One of America’s greatest wandering souls, Mark Twain, once said of Los Angeles: “It’s a great place to live, but I wouldn’t want to visit there.” I sympathize with travelers to my beloved city because, over a century on, Twain’s words are truer than ever. Marooned without a car somewhere near LAX, holed up in their hostels terrified by Inglewood horror stories, travelers here seem all too often like lost foals in a stampede. When they finally make it to Hollywood Boulevard, as their guide books probably suggest, they gasp with revulsion at its callousness, its poverty of spirit, its utter decrepitude.
And for good reason. Los Angeles has been, since its inception, a city of myths. No metropolis in modern history has a bigger discrepancy between the image it projects to the world and the reality of life within its limits. In the early 1900s, even before the studios moved to town, L.A. was the fastest growing city in the world, attracting thousands of Midwesterners seduced by the promise of perpetual summer between the orange groves. The city was sold as the ultimate realization of America’s Manifest Destiny, where the air was pure and the possibilities endless. Behind this idyllic façade festered a powerful counter myth: Noir. In the 20s and 30s writers and filmmakers presented Los Angeles as a place of malevolent beauty, a rose bush growing over a hidden corpse, a dystopian world in which people, as Evelyn Waugh once put it, live in “profound oblivion,” rotting in the sun.
These conflicting myths settled the city’s identity as it emerged from adolescence after WWII, and they have since evolved modern derivatives. The booster myth peddled by the city’s first developers a century ago has now been usurped by the perceived glamour of the film industry, and while it usually attracts the tourist and not the traveler, this vision persists nevertheless in the imagination of all visitors. The popular counter myth is that Los Angeles is a plastic, cultureless city mired in the shallows of narcissism, coupled with apocalyptic traffic and crime.
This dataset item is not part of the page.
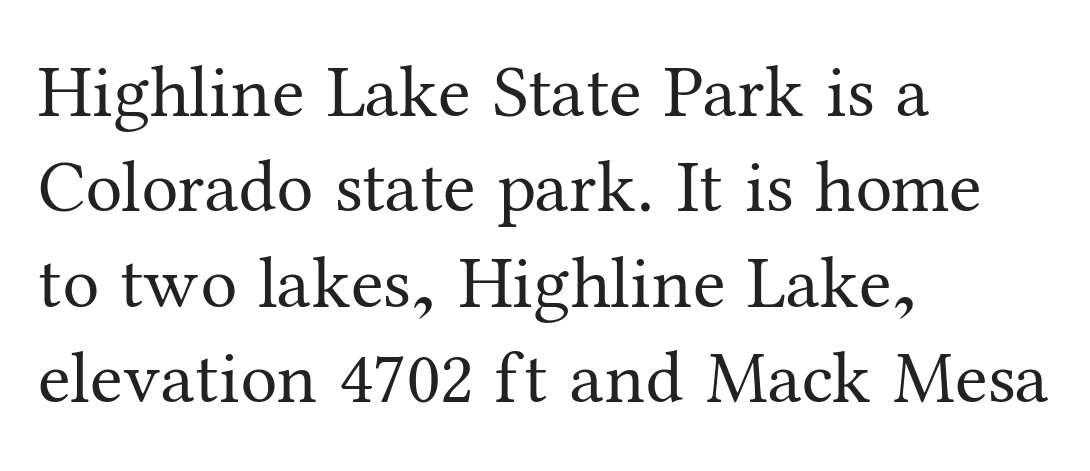
{"serif": "yes", "italic": "no", "bold": "no", "weight": "regular", "width": "normal", "stroke_contrast": "medium", "x_height": "medium", "monospaced": "no", "underline": "no", "align": "left", "line_spacing": "normal", "line_spacing_ratio": 1.29, "letter_spacing": "normal", "letter_spacing_em": 0.0, "glyph_px": 74}
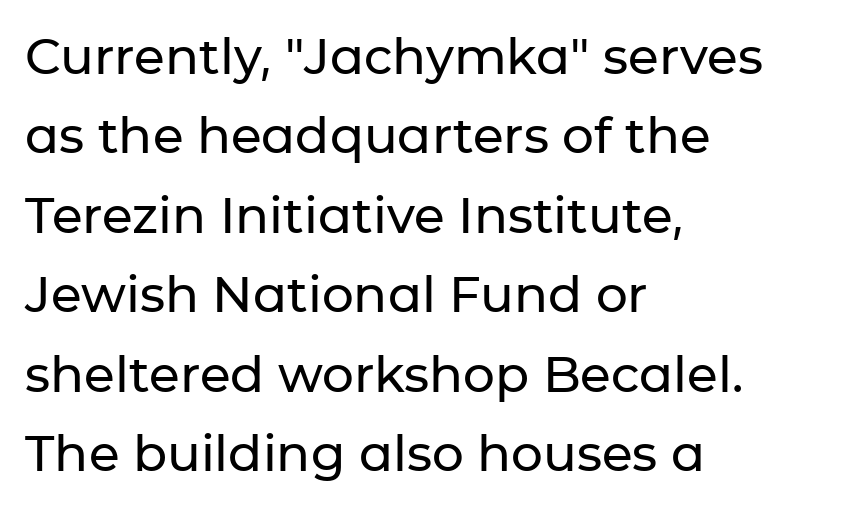
Which margin do the lines hug? The left one — the right edge is uneven. Regarding leading, the lines here are spaced in the standard way. Letterform terminals end flat and unadorned throughout the passage. The rendering keeps characters at their native spacing. Unlike italic type, these characters show no tilt at all. The passage shown is typed in a proportional face where columns would drift.
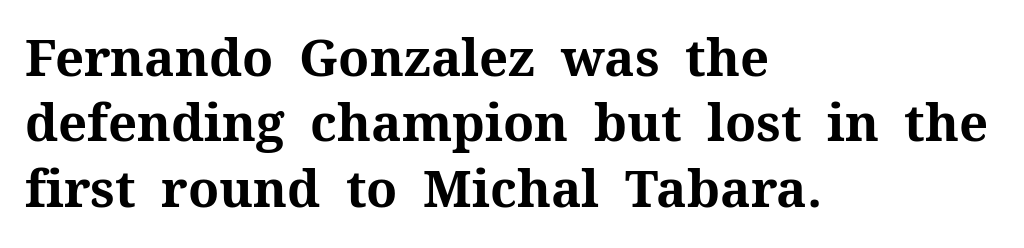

There is some truth in the clichés, of course. There is smog, there is traffic, there is crime. There are freeway pile ups and some people with disturbing tastes for fame and attention. But the other extreme is also true. The sun shines 300 days a year. The jacarandas bloom in the Spring, forming an ultraviolet treeline above the boulevards. The San Gabriel Mountains rise like a white wall to the Northeast, imperious on those pristine mornings after January rain.
Both extremes are oversimplified versions of Los Angeles, yet many visitors come expecting one or the other and leave with their prejudice compounded. This is a disservice to a city which is complex and abound with rich idiosyncrasies. In Curtis Hanson’s L.A. Confidential, Kim Basinger played Our Lady the Queen of the Angels herself. “She’s a natural beauty with a phony image, a disguise that’s all about selling it to the suckers,” said Hanson. “But when you go beyond the image, as when you go beyond L.A. as the city of manufactured illusion, the character is not only beautiful but totally self-aware. Underneath, she knows the truth about who she is. Everybody else is struggling to figure it out.”
Maybe we should stop trying. When you visit Los Angles for the first time, the only thing you should expect is a city garishly alive, rife with contradictions. Expect to meet some people broken by the Californian dream, some still fighting for it, and some who find the whole thing very funny, getting drunk in Griffith Park.